怀念父亲(□朱玉富)

朱玉富 发表于2017-02-20 18:34:06
    夏日的雨点有节奏地打在雨棚上,时密时稀,细密小雨氤氲着我潮湿的记忆,我凝视着镜框里62年前的老照片,回忆的闸门豁然打开。那是1955年,参加抗美援朝的叔叔回国,父亲参加蒙阴县第一届人民代表大会之后,与二叔相约故乡相聚的老照片。

    日月如梭,似水流年,父亲、叔叔相继过世。3个哥哥也都步入古稀之年。父亲早年参加莱芜抗日游击队,抗战胜利后又参加解放战争,1949年南下参加湘西剿匪。曾在蒙阴县工作的父亲后来调回庙子供销联社任联社社长。

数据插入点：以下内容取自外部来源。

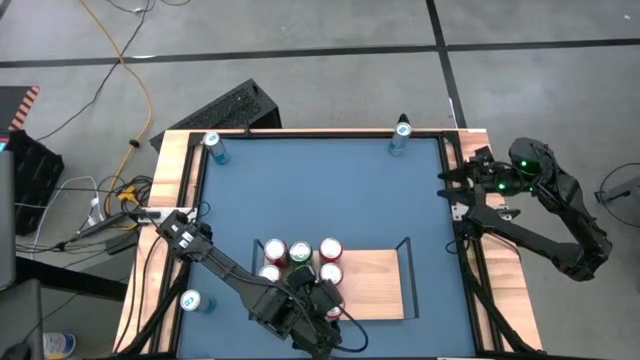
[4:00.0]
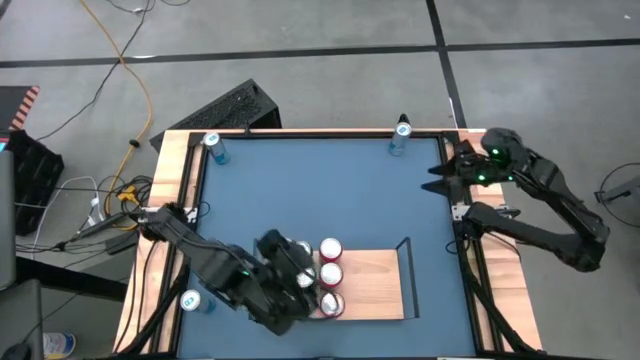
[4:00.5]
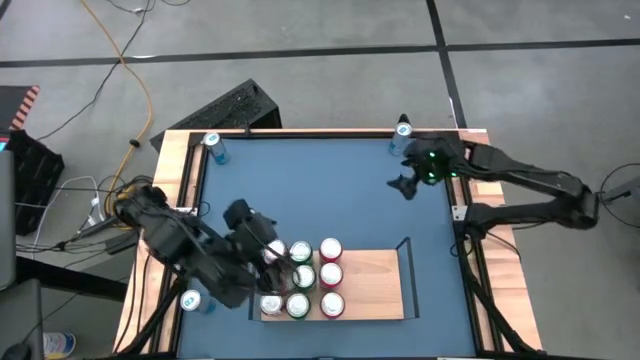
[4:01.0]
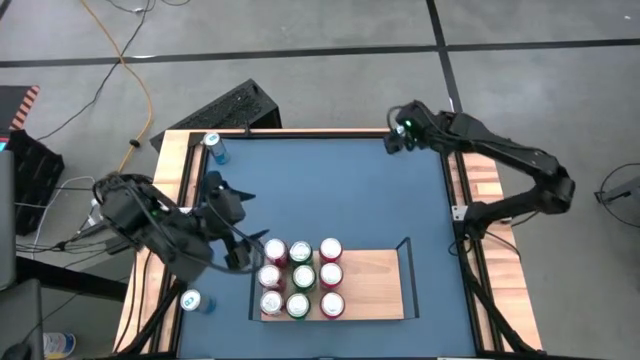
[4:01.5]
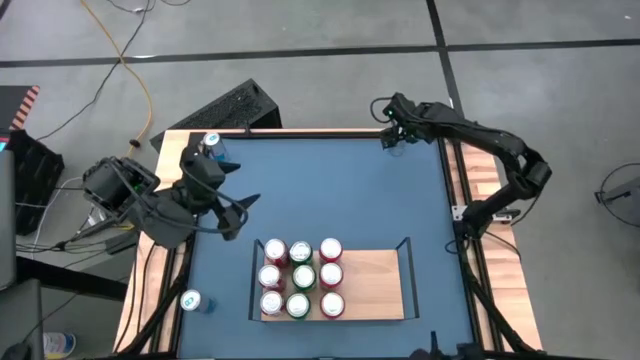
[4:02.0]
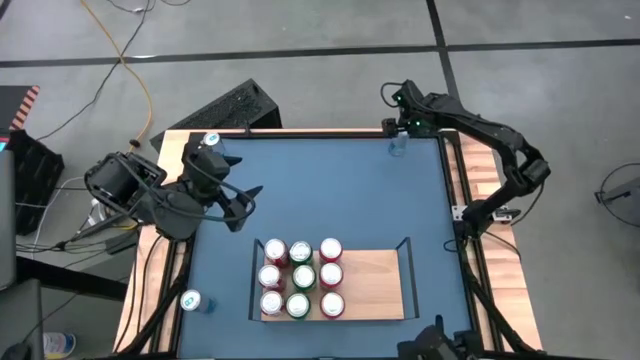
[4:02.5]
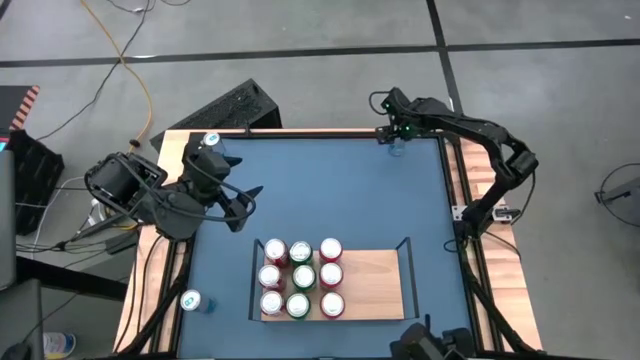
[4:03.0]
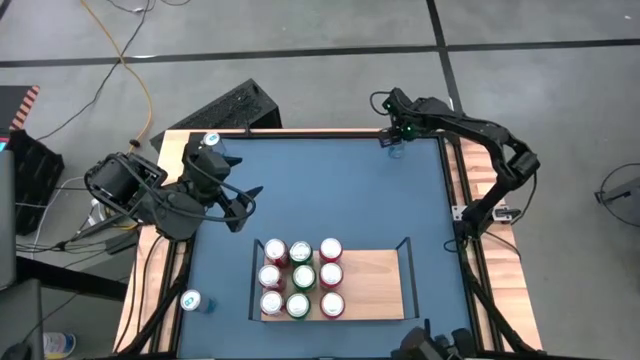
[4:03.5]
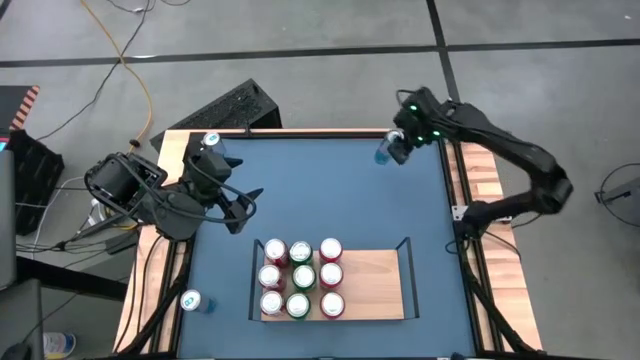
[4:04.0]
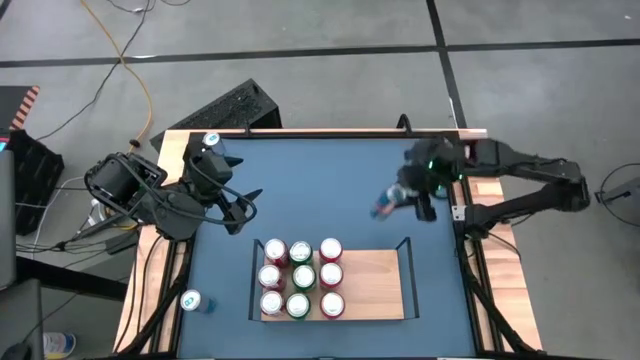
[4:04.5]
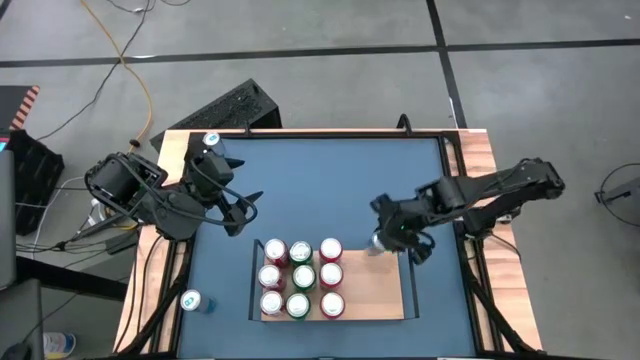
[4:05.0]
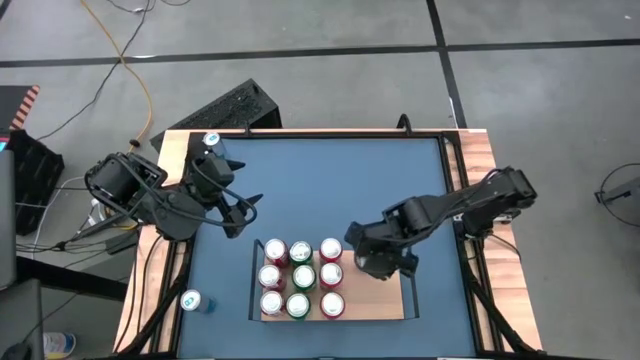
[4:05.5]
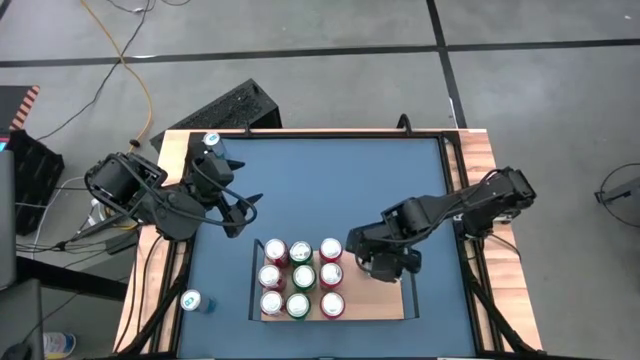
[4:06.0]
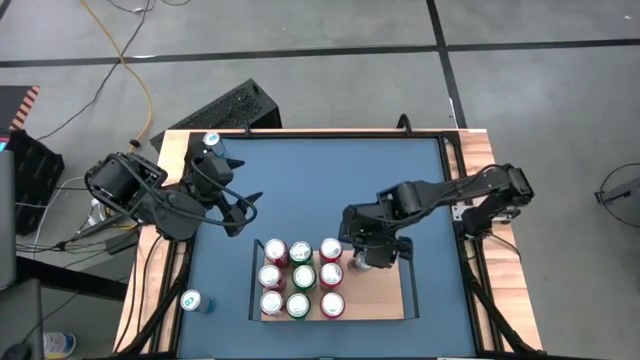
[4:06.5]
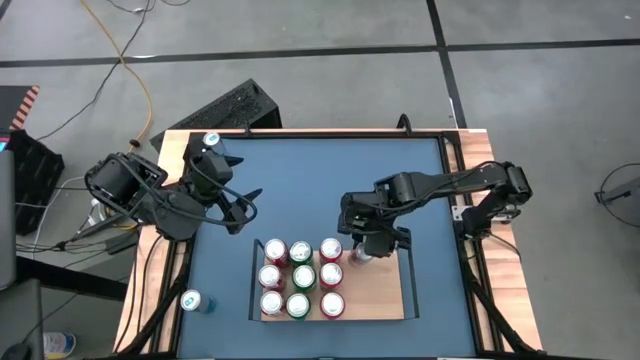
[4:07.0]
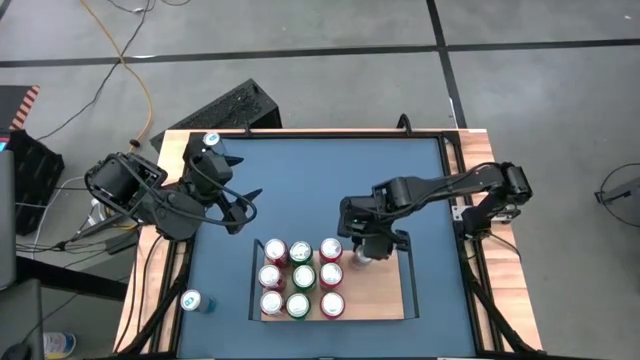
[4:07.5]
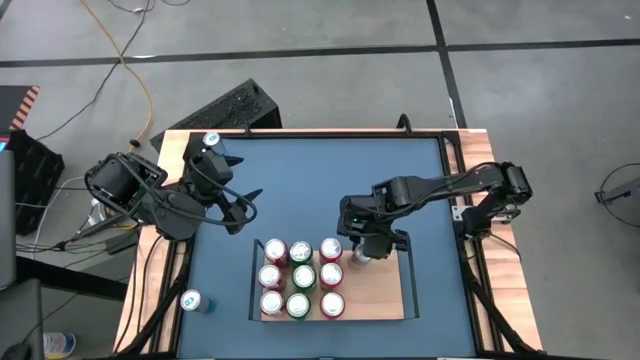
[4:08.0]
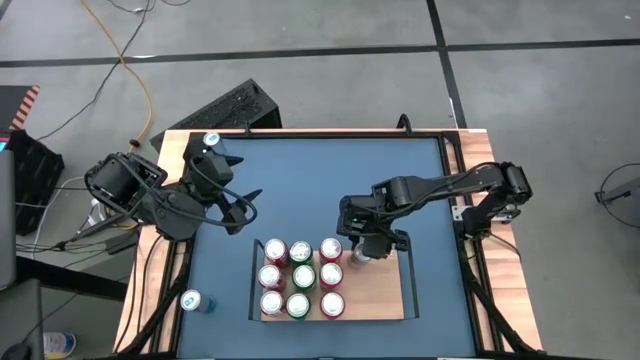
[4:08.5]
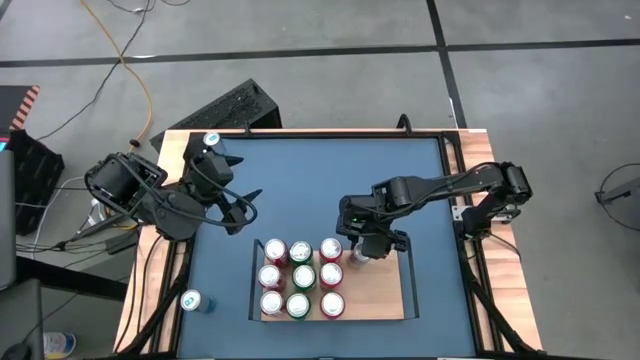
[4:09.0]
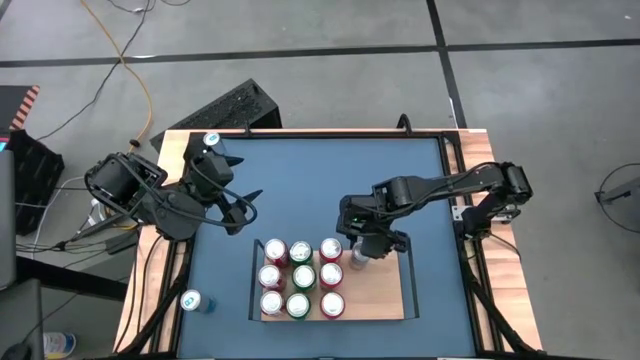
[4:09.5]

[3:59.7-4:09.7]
Task: Place canned beverage on shelf
Put the top right blue soda can on the shelf aligned with the other left orange soda can

    也许受父亲叔叔参加革命影响,1961年大哥报名到黑龙江参军,在鸭绿江修桥时掉到江里,差点要了大哥的命,三哥和六弟也分别成为黑龙江军区珍宝岛地区2818部队和北京武警六支队的一名光荣的人民解放军。我与父亲聚少离多,也许是干社长工作的缘故,他总是很严肃,很少笑。因我们兄弟6个出了3个“抗战”的,每每谈起这些,父亲深感骄傲和自豪。我们建议父亲写革命回忆录,父亲总是摇头说:“都是些陈芝麻烂谷子的事情,记得不那么清楚了。”想到父亲有高血压、血糖高病,我们再也没强求。后来才知道,也不完全是身体原因。回忆往事让他伤心。

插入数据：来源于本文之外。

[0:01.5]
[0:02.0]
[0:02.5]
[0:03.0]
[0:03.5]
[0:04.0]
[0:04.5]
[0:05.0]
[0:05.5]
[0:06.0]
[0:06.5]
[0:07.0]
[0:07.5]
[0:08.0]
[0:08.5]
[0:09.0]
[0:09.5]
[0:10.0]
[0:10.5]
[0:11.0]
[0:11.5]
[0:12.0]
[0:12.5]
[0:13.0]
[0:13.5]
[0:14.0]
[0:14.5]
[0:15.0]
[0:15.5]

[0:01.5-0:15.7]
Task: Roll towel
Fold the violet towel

    当年在莱芜大队的生死战友,一起北上博山,一起参加抗日战争,有些人倒在了敌人的枪口下。那次正在阁楼站着吃饭,“呯!呯”枪声,两个战友应声倒下(身体暴露窗口所致)。“小日本的枪准着呐,枪响见血”,曾有一个姓刘的副队长埋怨说,“让你们坐下不坐下,这回让你们刮着旋风回家”。父亲说着潸然泪下,见他悲伤,怕他激动,血压高承受不了,我劝他别讲了,父亲久久才回过神来。父亲过世前两年,断断续续讲了一些当年莱芜口镇打游击的往事。他说,斗争严酷,早上分头执行任务,晚上有时就见不到面了,流血、受伤、牺牲,时常发生。敌强我弱,东奔西跑,住无定所,有时一个晚上转移几次,甩开敌人。饿肚子是常有的事。保存自己消灭敌人,在转移中找机会打击敌人,除汉奸,入村入户发动群众筹粮筹款支援主力部队,动员年轻人参军参战。那时就认准一个理:铁心跟党走,抗战必胜。革命一定会成功。再苦再难,上刀山下火海也敢闯。

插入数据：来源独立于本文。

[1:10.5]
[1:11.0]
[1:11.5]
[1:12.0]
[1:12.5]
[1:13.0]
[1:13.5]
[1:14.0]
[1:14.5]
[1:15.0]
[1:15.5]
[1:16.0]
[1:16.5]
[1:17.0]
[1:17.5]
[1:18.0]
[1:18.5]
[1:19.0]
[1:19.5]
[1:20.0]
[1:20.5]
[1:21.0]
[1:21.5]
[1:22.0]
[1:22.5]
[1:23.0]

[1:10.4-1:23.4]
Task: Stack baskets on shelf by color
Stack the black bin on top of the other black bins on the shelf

    一次回去,见父亲心情好,聊起山东地下省委派李奇到莱芜开展工作之事,同志们以围墙为依托与敌人激战,增援游击队还未赶到,参加会议的同志子弹打光,全部壮烈牺牲。讲到这里,父亲神色凝重。我不解地问:“秘密会议敌人怎么得到消息的。”父亲闭目思索一会儿,摇头说,究竟是叛徒出卖?还是泄密?他也说不清楚。父亲装上一烟袋旱烟,想起了一个游击队员,这人外号叫二愣子(莱芜话是傻的意思)。这人其实一点也不傻,壮实,憨厚,用双枪弹无虚发,打仗很勇敢,也牺牲了。蓦然,我脑际浮现《铁道游击队》电影里双枪鲁汉的勇猛形象。我插话说:“他可能负责保卫开会同志。”父亲点头,长叹一声。过好大一会儿,见父亲平静下来,又问起当年莱芜战役之事。父亲起身找出一张山东地图展放在茶几上,指着地图说:“日本鬼子以炮楼为据点,时不时窜到村里抢劫烧杀。县大队闻讯追歼,鬼子乘机逃口镇据点,当时的高粱地成了敌人的天然屏障,最后县武工队采取白天休整,晚上出动,终于把盘踞在口镇的日伪军全歼残匪。说到这里,父亲脸上有了难得的笑容。

    每逢清明、十一和父亲叔父的忌日,我都要让妻子备上炒菜、水酒、纸钱到父亲坟前祭奠父亲的在天之灵,让思念和泪水随着袅袅香烟化作热望的追忆。在纪念中国人民抗日战争胜利70周年之际,我们缅怀父亲和那些为国捐躯的革命先烈,牢记父亲的教诲,珍惜今天来之不易的幸福生活,继承和发扬革命优良传统,弘扬革命精神,为振兴中华,实现伟大的中国梦而奋斗。